She often adapted Colette's works for the screen,but here,she tackles Jean-Paul Sartre ,no less!It's the philosopher's most famous drama (with its immortal sentence :"l'enfer,c'est les autres" (= Hell is

other people).Audry had to cope with problems inherent to any adaptation of a play:she succeeded quite good by using flashbacks - like Mankiewicz would do for "suddenly last summer"-,and inventing a very brilliant first scene:Alan Parker might have seen the movie,because he uses the elevator in "Angel heart" (1987)the same way Audry did in 1954.

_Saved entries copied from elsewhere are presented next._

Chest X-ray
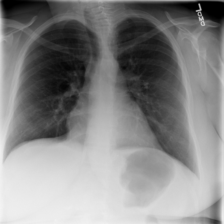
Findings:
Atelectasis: negative
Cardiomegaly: negative
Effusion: negative
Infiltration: negative
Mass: negative
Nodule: negative
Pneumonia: negative
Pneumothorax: negative
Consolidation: negative
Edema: negative
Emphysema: negative
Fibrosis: negative
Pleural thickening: negative
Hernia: negative
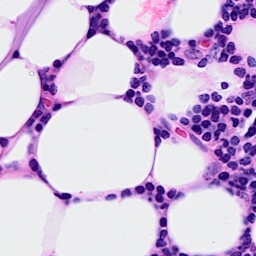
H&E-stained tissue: Breast
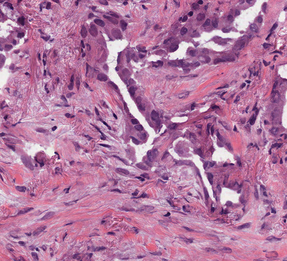
Tumor epithelial tissue: yes
Tumor-associated stroma tissue: yes
Normal tissue: no
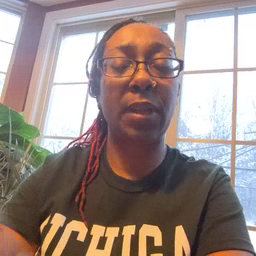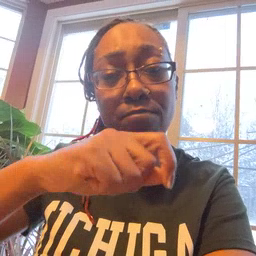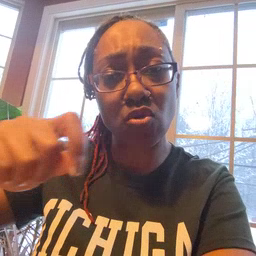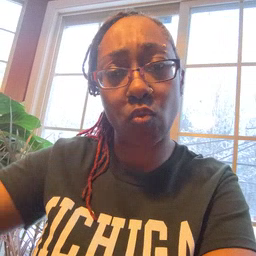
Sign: pencil
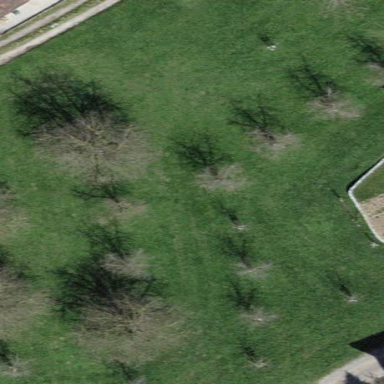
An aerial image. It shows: Orchard.
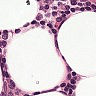
Metastatic tissue present: no
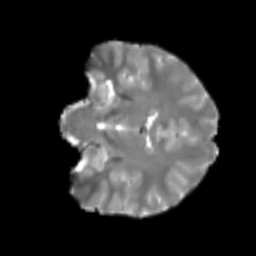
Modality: T2w
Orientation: coronal
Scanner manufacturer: siemens
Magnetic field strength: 3 T
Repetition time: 4 s
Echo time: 0.0594 s
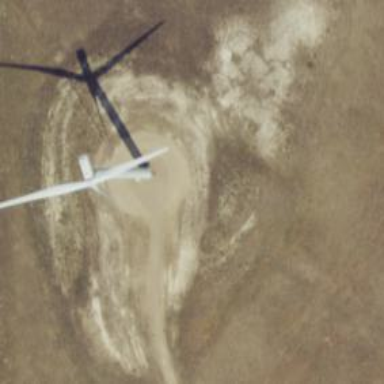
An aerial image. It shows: Wind generator powered by wind turbine.
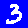
Digit: 3
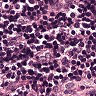
Metastatic tissue present: no
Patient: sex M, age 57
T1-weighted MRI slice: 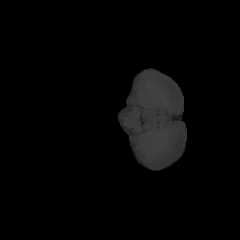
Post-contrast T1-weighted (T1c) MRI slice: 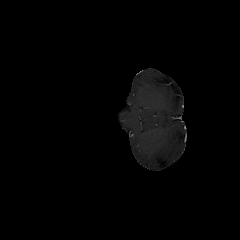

Most of all,she's got three convincing actors,two of whom are unfortunately forgotten today (Gaby Sylvia was essentially a stage actress and Frank Villard was cast against type here:he was the tough male raider type:but convincing anyway).The third one is none other than the great Arletty:after "les enfants du paradis",like so many others who "collaborated" during the occupation -her only sin was to fall in love with a German:she said afterwards "My heart is French,but my a.. is international!"-she was blacklisted and when she could return,she was relegated to small parts -but she triumphed on the stage notably with the part of Blanche in "streetcar named desire"-."Huis clos" is one of her rare leading parts after the war.She outdoes herself here ,playing lesbian Inès so intensely she's almost frightening and threatening.As historian Jean Tulard said "she was our best actress"

"Huis clos" is really interesting and will reward you if you give it a chance.Three people (alive or dead no matter)tearing each others to pieces.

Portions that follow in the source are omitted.